Work task: Word for word, return each entry that follows, with every image removed.

(Beginning of Records provided)

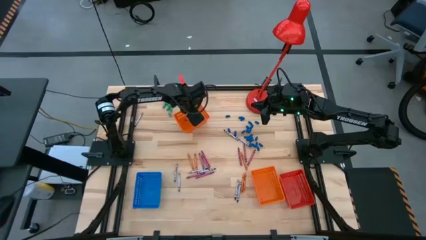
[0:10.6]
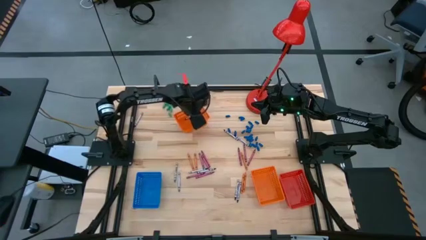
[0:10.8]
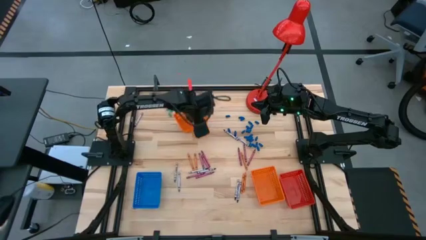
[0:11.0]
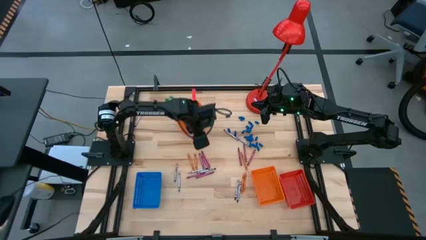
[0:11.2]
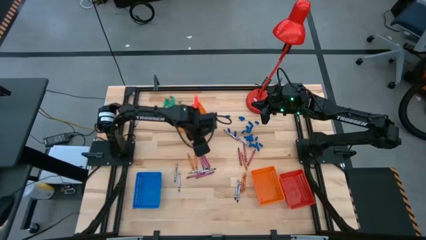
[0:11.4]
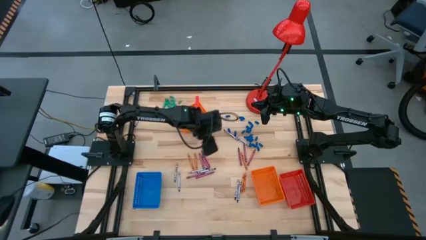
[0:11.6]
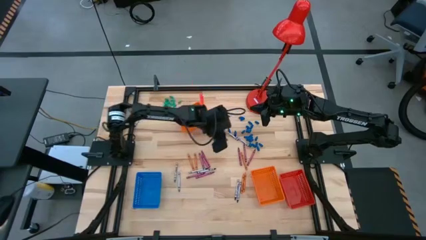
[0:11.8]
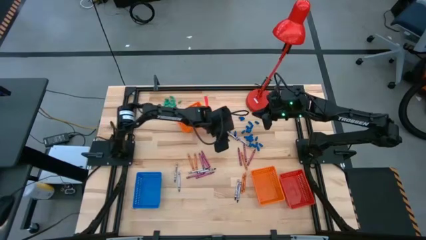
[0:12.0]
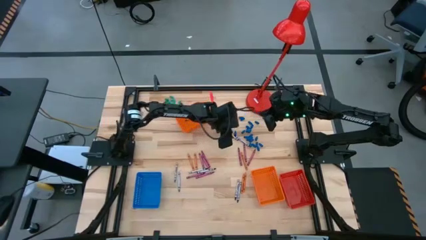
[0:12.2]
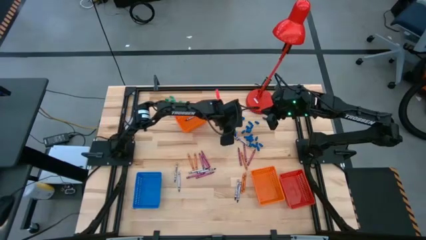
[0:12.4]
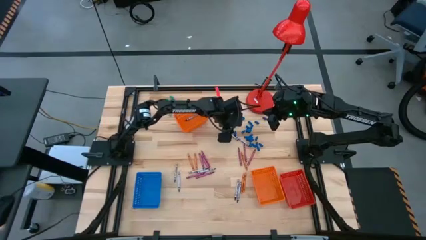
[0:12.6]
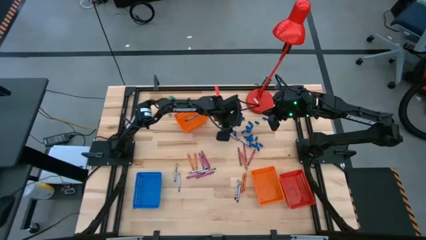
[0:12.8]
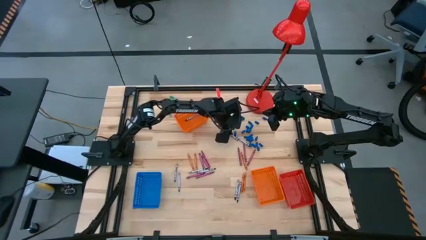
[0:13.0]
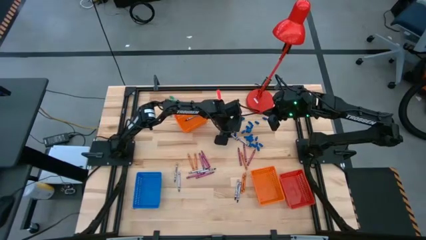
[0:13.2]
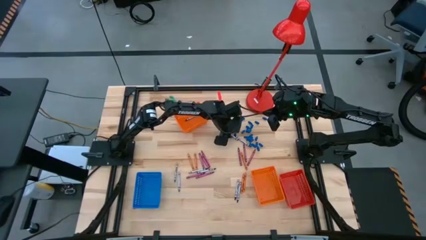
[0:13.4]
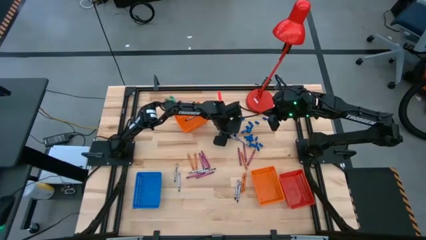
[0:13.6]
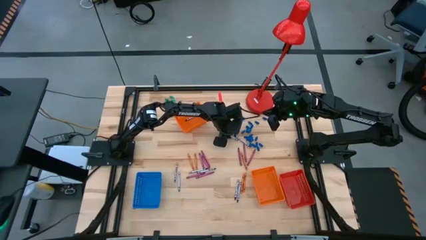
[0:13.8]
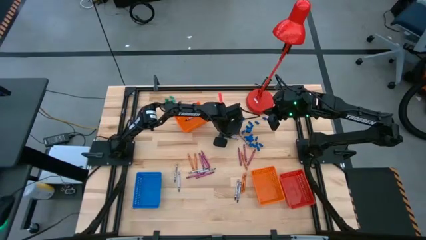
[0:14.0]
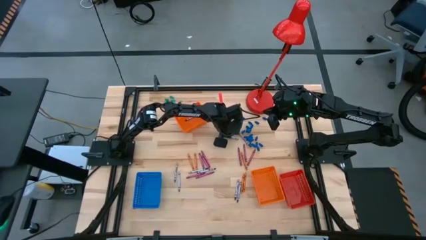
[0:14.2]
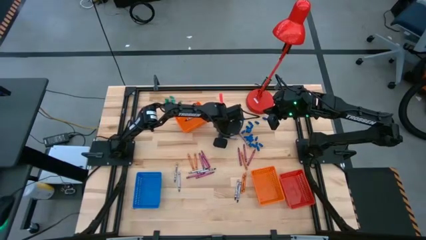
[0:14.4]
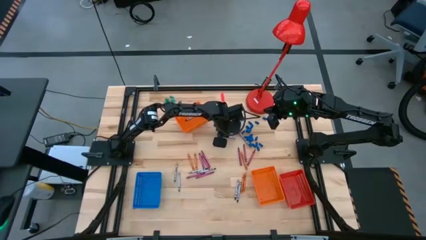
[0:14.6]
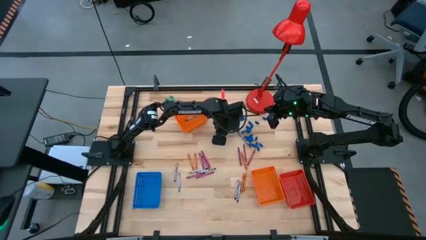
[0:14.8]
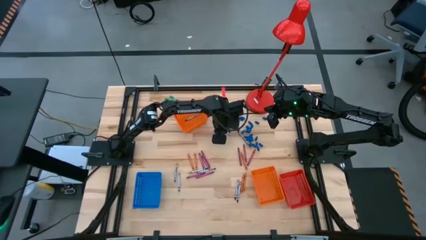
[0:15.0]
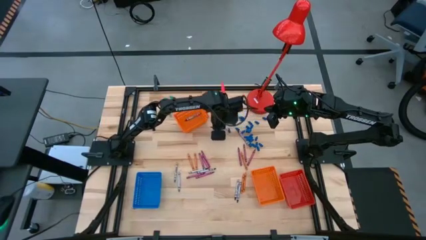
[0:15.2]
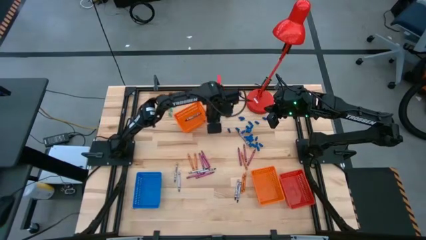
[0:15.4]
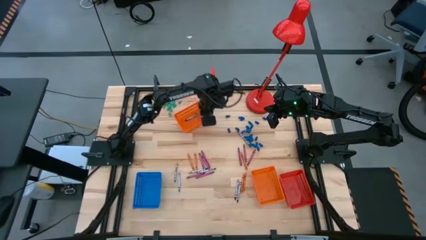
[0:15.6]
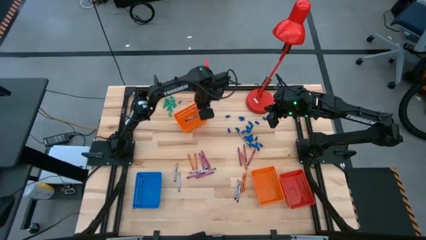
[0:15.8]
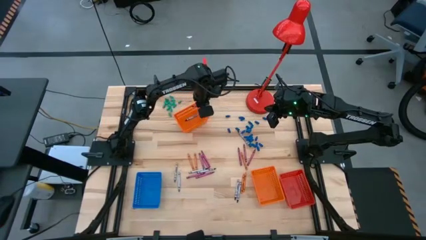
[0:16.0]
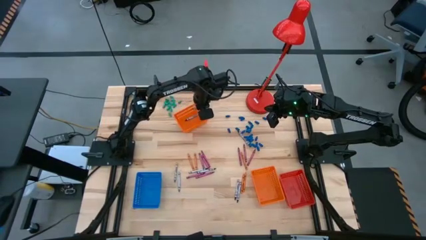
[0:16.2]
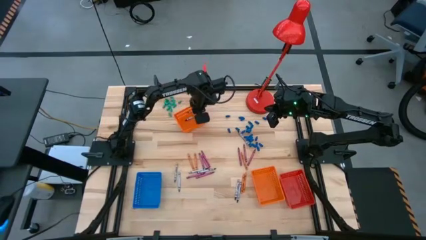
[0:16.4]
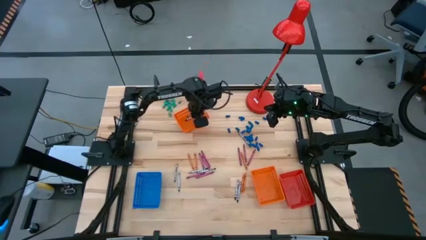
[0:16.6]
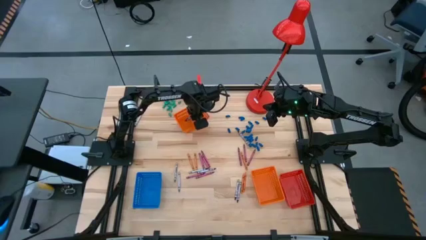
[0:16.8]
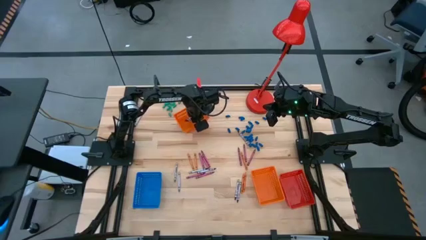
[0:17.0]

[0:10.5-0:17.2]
Task: Sort crayons
Put the black crayon into the top orange bin

(End of Records provided)

Answer section:
[0:10.6]
[0:10.8]
[0:11.0]
[0:11.2]
[0:11.4]
[0:11.6]
[0:11.8]
[0:12.0]
[0:12.2]
[0:12.4]
[0:12.6]
[0:12.8]
[0:13.0]
[0:13.2]
[0:13.4]
[0:13.6]
[0:13.8]
[0:14.0]
[0:14.2]
[0:14.4]
[0:14.6]
[0:14.8]
[0:15.0]
[0:15.2]
[0:15.4]
[0:15.6]
[0:15.8]
[0:16.0]
[0:16.2]
[0:16.4]
[0:16.6]
[0:16.8]
[0:17.0]

[0:10.5-0:17.2]
Task: Sort crayons
Put the black crayon into the top orange bin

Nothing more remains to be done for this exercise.